A seda arde em chamas,

Então vira poça de sangue;

“Amor” é nossa palavra mesquinha

Para o que a linguagem de sangue não consegue nomear.

(“A costureira”, 1901)

O estilo pessoal de Guíppius era elaborado e subversivo. Às vezes, usava vestidos ostensivamente femininos, considerados “inapropriadas” por muitos ao redor, com uma imagem e atitude que parodiavam as concepções convencionais de feminilidade.

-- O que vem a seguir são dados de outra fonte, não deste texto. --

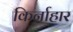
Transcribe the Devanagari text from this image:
किर्नाहार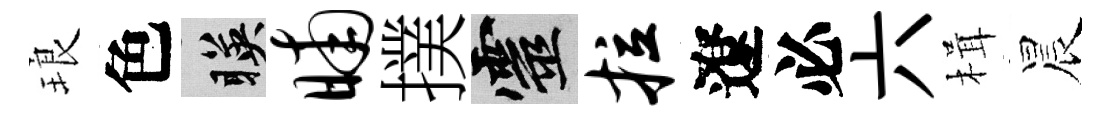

Andrêi Beli, um dos mais importantes simbolistas russos, descreveu-a como “uma vespa do tamanho humano”, dizendo que “uma mecha de cabelos ruivos esticados... ocultava um rosto pequeno e torto... o charme de seu esqueleto ossudo e sem quadril lembravam um Satanás comunicador habilmente cativante”. 

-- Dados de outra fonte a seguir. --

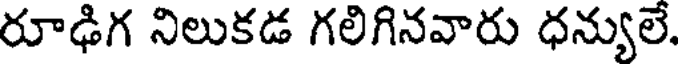
రూఢిగ నిలుకడ గలిగినవారు ధన్యులే.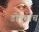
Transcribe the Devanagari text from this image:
डोमचांच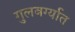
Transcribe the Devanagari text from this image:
गुलबर्ग्यात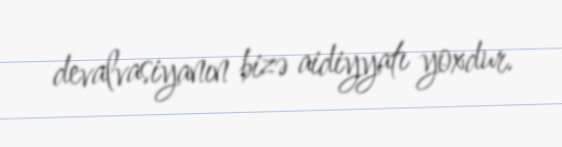
devalvasiyanın bizə aidiyyatı yoxdur.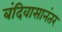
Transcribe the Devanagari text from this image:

Guíppius no início dos anos 1910

Guíppius também costumava se vestir com roupas masculinas e carregar óculos tipo lorgnette de lente única, ou monóculo, para o horror de seus contemporâneos. Embora incomum, vestir-se com roupas do sexo oposto não era algo inédito no início do século 20, mas a presença de Guíppius como uma figura estilisticamente andrógina, porém essencialmente masculina, revela a complexidade de sua identidade autocriada. A figura do dândi, que ficou mais famosa na Europa com Oscar Wilde, era tipicamente um indivíduo decadente e autoconsciente, interessado em artifícios e sensações artísticas intensas, que cultivava um comportamento distante e desdenhoso.

Guíppius, em 13 de dezembro de 1897

Uma mulher ferozmente individual, Guíppius assumiu o compromisso de proteger e cultivar a cultura russa – tão distinta da soviética – e inspirou e ajudou seus contemporâneos tanto quanto os confundiu. As pessoas se esforçavam para compreender esse verdadeiro radicalismo, mas sua proeza poética e influência literária lhe davam a liberdade de desconsiderar normas sociais de modo tão flagrante. Em seu poema “Encantamento”, de 1905, ela clama: “Bata, coração, bata cada coração por vez! / Levanta-te, cada alma destemida!”. Mais de um século depois, esse grito de guerra ainda desafia os leitores a abraçar a individualidade e reconhecer a liberdade que pode advir de desafiar as normas esperadas da sociedade.